Source: ukconstitutionallaw.org

The new Immigration Bill-could it cause another Windrush Scandal? – Doughty Street Chambers

Posted June 5th, 2020 in bills, brexit, chambers articles, immigration, news by sally

‘This week the House of Commons heard the second reading of the Immigration and Social Security Co-ordination (EU Withdrawal) Bill 2020 (the Immigration Bill), and given the Government’s majority it is likely to become law unamended. The Explanatory Notes of the Bill set out inter alia the Government’s intention to deliver, following the end of EU free movement, a “new points-based immigration system to attract the brightest and best talent from around the world” from 1st January 2021. On the face of it, this is a legitimate aim, but what could be the possible implications for immigrants currently living and working in the UK? An important report that understandably did not receive much media attention when it was published on the 19th March 2020, is the Windrush, Lessons Learned Review (the Review), the independent assessment of the events leading up to the Windrush Scandal.

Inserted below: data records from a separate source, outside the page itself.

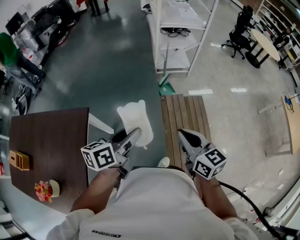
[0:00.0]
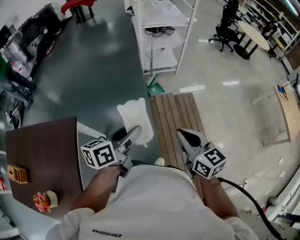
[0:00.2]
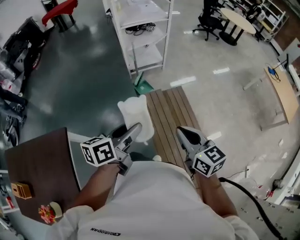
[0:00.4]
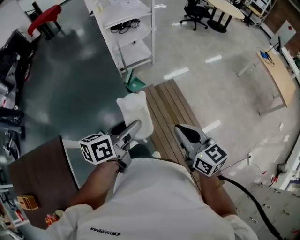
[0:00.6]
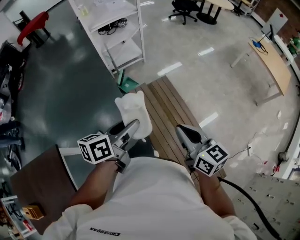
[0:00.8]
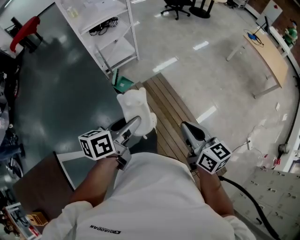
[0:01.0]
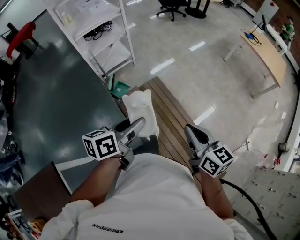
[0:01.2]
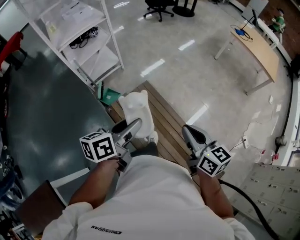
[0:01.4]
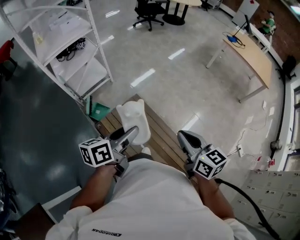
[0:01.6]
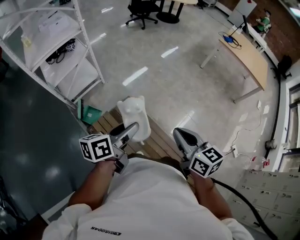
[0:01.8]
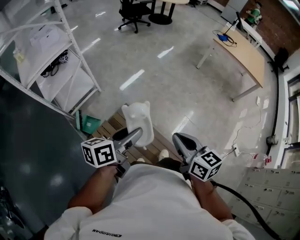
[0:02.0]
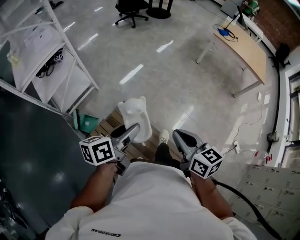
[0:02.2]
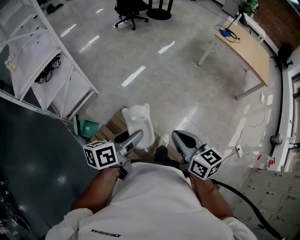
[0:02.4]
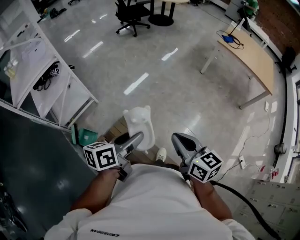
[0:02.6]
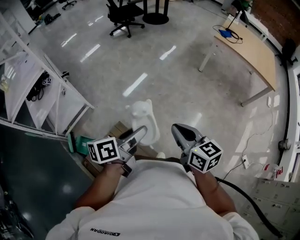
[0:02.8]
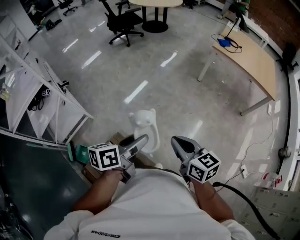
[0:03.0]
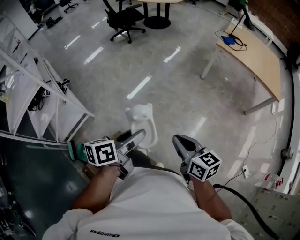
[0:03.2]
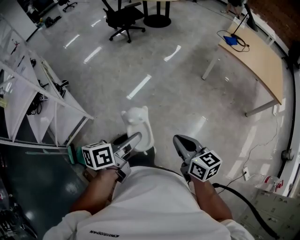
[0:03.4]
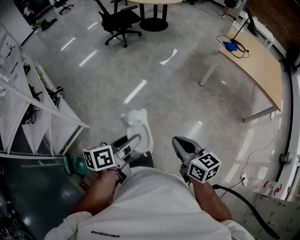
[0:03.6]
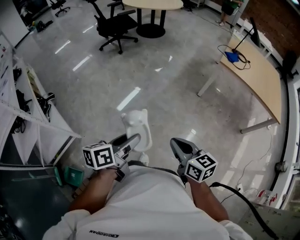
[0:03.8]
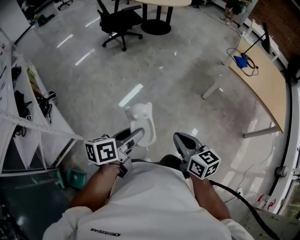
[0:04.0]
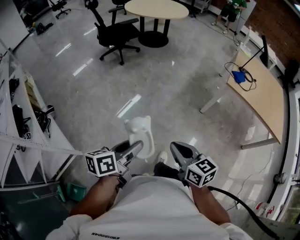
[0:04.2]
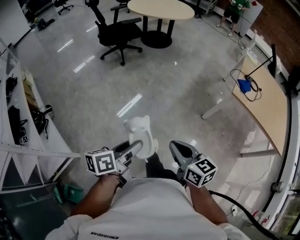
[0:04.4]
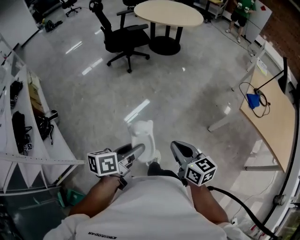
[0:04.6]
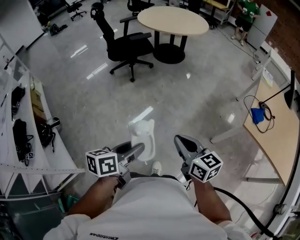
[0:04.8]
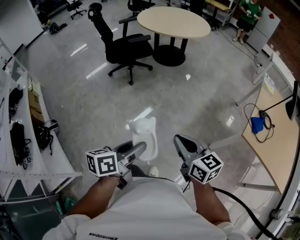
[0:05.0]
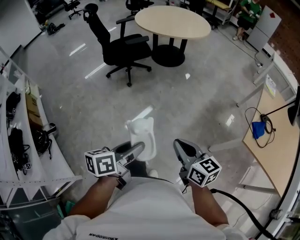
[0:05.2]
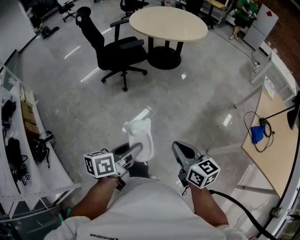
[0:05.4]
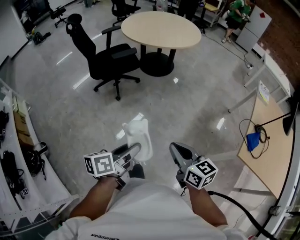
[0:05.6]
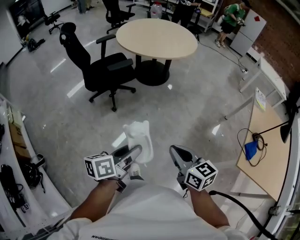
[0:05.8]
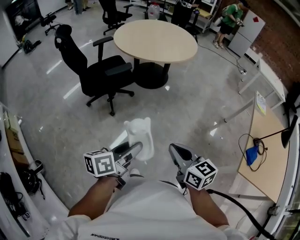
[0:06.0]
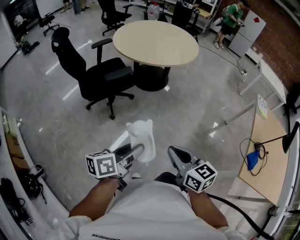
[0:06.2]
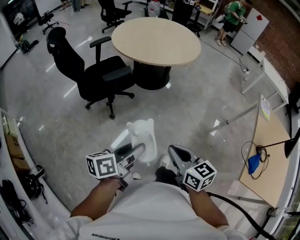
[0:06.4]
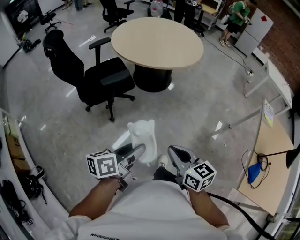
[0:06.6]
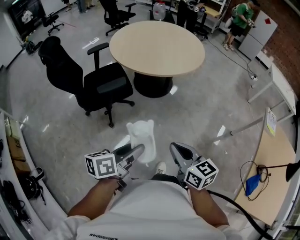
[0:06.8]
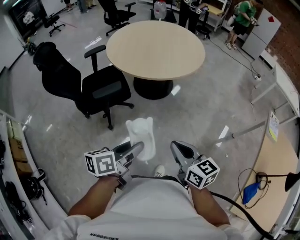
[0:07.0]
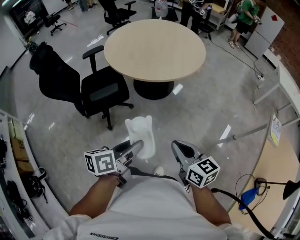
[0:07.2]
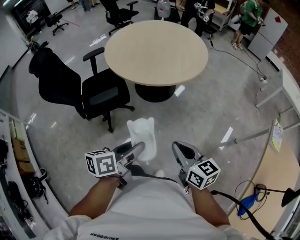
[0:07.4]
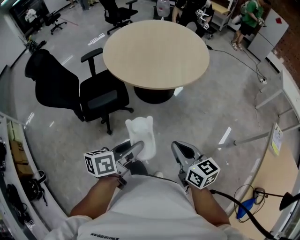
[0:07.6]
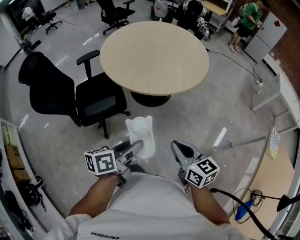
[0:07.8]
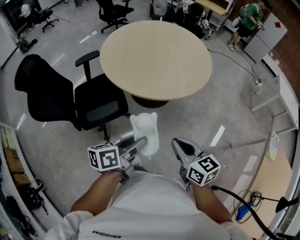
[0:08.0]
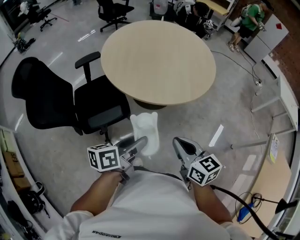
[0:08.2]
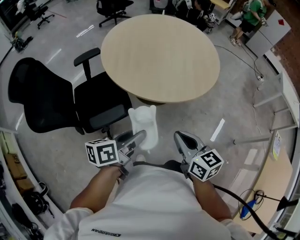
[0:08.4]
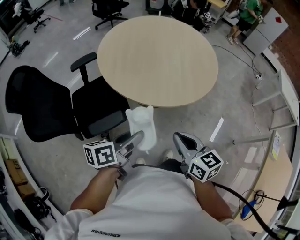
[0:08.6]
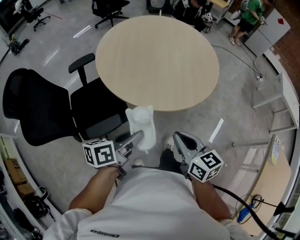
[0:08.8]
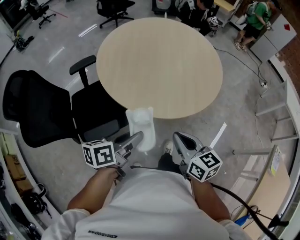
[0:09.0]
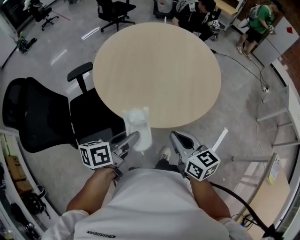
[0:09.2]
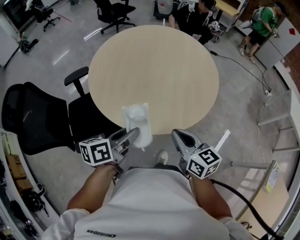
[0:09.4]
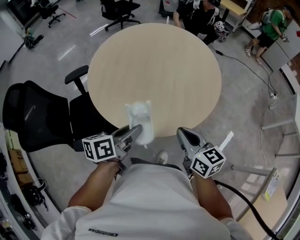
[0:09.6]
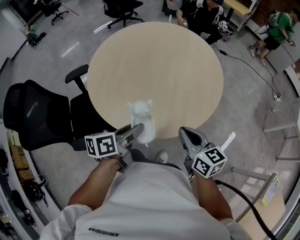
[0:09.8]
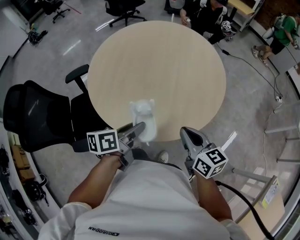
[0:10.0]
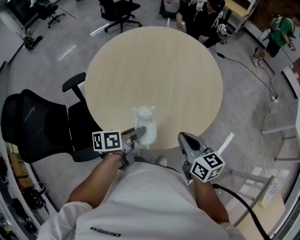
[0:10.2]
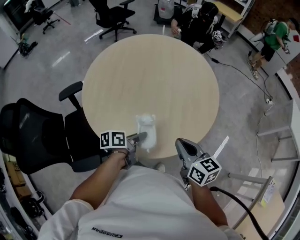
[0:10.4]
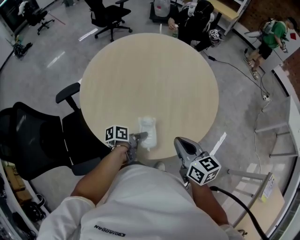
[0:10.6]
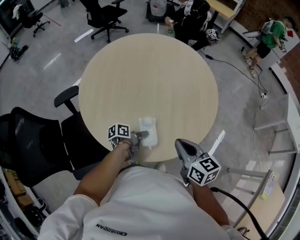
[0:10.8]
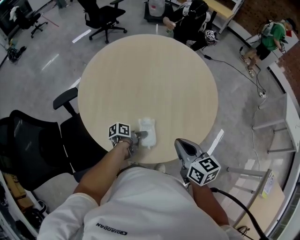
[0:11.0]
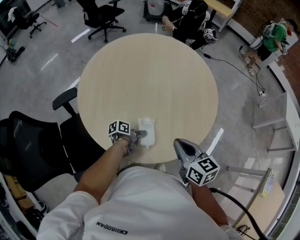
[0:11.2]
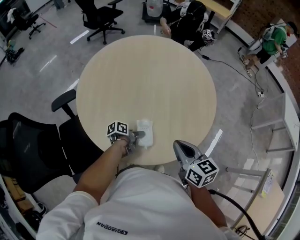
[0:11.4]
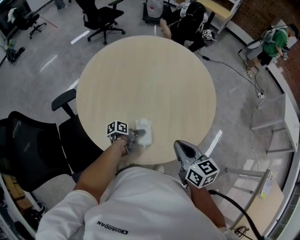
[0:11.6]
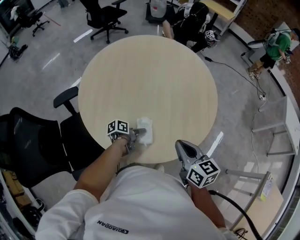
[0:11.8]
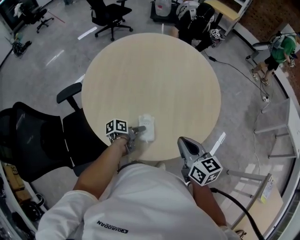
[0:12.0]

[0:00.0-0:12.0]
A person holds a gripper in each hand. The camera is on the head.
0:00.0 to 0:01.6: The two grippers travel together, approximately 40 cm. The left gripper swivels about 40 degrees. The right gripper rotates about 40 degrees.
0:01.6 to 0:03.0: The right gripper heads forward, covering approximately 35 cm, while the left gripper heads forward and to the right, covering some 40 cm.
0:03.0 to 0:04.4: The two grippers travel together, forward, some 50 cm.
0:04.4 to 0:06.0: Both grippers are carried forward, roughly 50 cm.
0:06.0 to 0:07.6: Both grippers travel together forward, about 30 cm.
0:07.6 to 0:09.0: The grippers both shift forward by approximately 25 cm.
0:09.0 to 0:10.4: The right gripper travels forward and to the right by about 20 cm; the left gripper travels forward, downward and to the right by about 25 cm.
0:10.4 to 0:12.0: The left gripper heads downward, covering roughly 10 cm, and opens its fingers.

One needs to recollect that, as the Review notes, the Windrush Scandal affected “hundreds, and possibly thousands of people, directly or indirectly”, including at least 83 people who were unlawfully removed. Many of those affected were working in so-called lower-skilled occupations, in the NHS, in public transport and in adult social care. The Review provides 30 recommendations for change and improvement within the Home Office in order to avoid a repetition of the Windrush Scandal, which it recommends should be implemented in full. A formal response to the Review, including the recommendations, was accepted by the Home Secretary to be given within six months, including the asking of “difficult questions needed to ensure that these circumstances can never arise again”.’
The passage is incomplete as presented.